BBC commentator Peter Alliss: 'If women want to be equal, get a woman to fight for boxing's heavyweight championship'

James Corrigan
Allis, pictured in London in 2010, has a history of controversial comments - Getty Images

Peter Alliss has revealed this could be his last Masters in the commentary booth and after his latest comments, the BBC might well be relieved if this proves to be the case.

The 86-year-old has worked for the corporation for 56 years, establishing himself as the voice of British golf in he process. However, he has come under increasing criticism over recent years for remarks, which many believe to be sexist. His detractors will surely roll his eyes at his latest declarations.

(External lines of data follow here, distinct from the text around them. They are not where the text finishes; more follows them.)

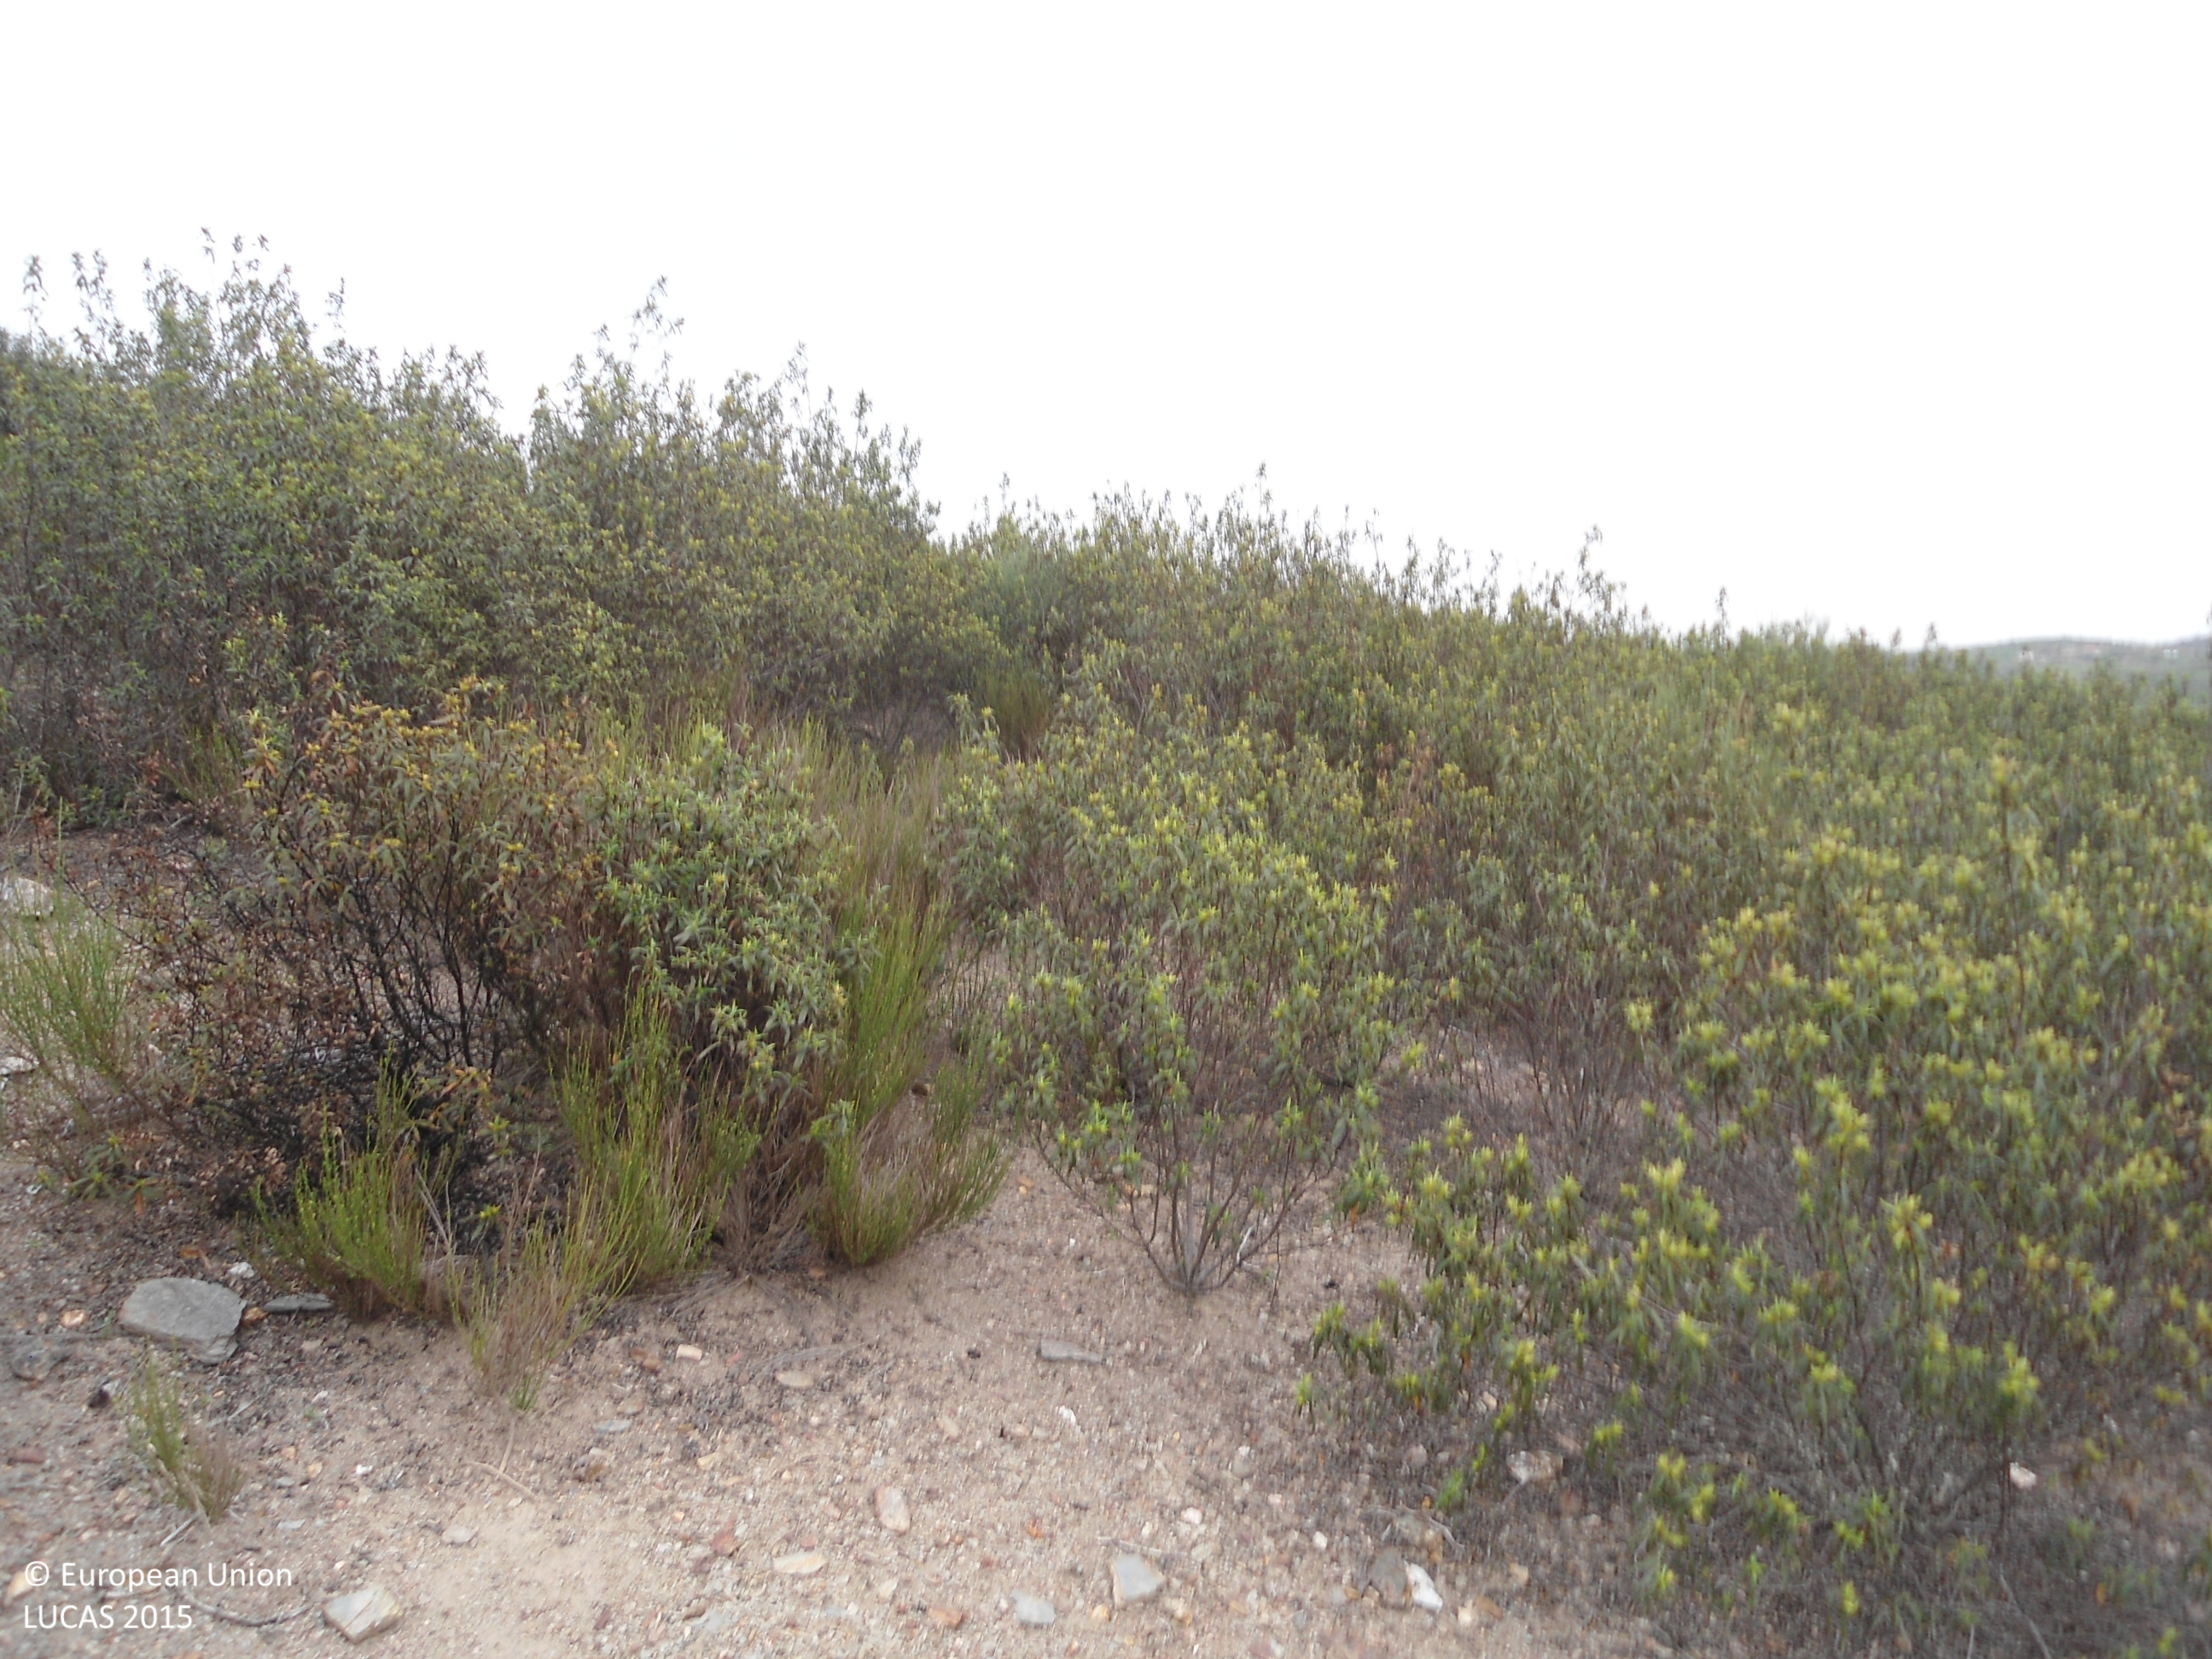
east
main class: Shrubland
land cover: Shrubland without tree cover
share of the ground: > 75 %
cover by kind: shrubs 95 %, consolidated bare surface 5 %
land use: Semi-natural and natural areas not in use
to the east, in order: Shrubland without tree cover; Grassland without tree/shrub cover; Shrubland without tree cover; Grassland with sparse tree/shrub cover
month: April
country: ES
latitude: 41.7893
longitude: -6.4836

“I’ll try not to be too much of a dinosaur [when covering this year’s Masters], but remember: dinosaurs are making a comeback,” Alliss told Newsweek.

“No matter how you wrap it up, women will never be able to do things that men can do. If we want to be equal, are you going to get a woman fighting for the heavyweight championship of the world [in] boxing? Are you? Could you?

Alliss continued: “I think women are more delicate than men. I like holding chairs for women. I enjoy the company of women. I don’t want to be bullied by them. I don’t care for macho women, I don’t care for them very much. And yet they’re prevalent today, and very prevalent in some cases. And very forward.”

Alliss will inevitably come under flak but his past experiences will show that he will remain unrepentant. After the 2015 Open, the BBC felt obliged to apologise for Alliss’s aside about Zach Johnson’s wife, Kim Barclay, as he stood over the putt to win the Claret Jug.

The BBC apologised for comments Alliss made about Kim Barclay in 2015 Credit: AP

"She is probably thinking - 'if this goes in I get a new kitchen' Alliss said. Earlier that year he had caused consternation when telling the Radio Times  that the Equality Act had “buggered up” the game.

Nevertheless, Alliss has a big support base and many viewers will be upset when he hangs up his microphone, but he admitted this could be his last time at Augusta.

“I don’t know, it could be this year,” Alliss said “When I get to the point where I see something and I can’t respond, I’m interviewed and I have no words to say, this (tapping his head) is getting fuddled… I’ll go before I’m pushed.”

The BBC is down to two live days of golf coverage per year after having as many as 30 a little more than 10 years ago. The presenter Hazel Irvine has already said this will be her final Masters, with Eilidh Barbour due to replace her fellow Scotswoman.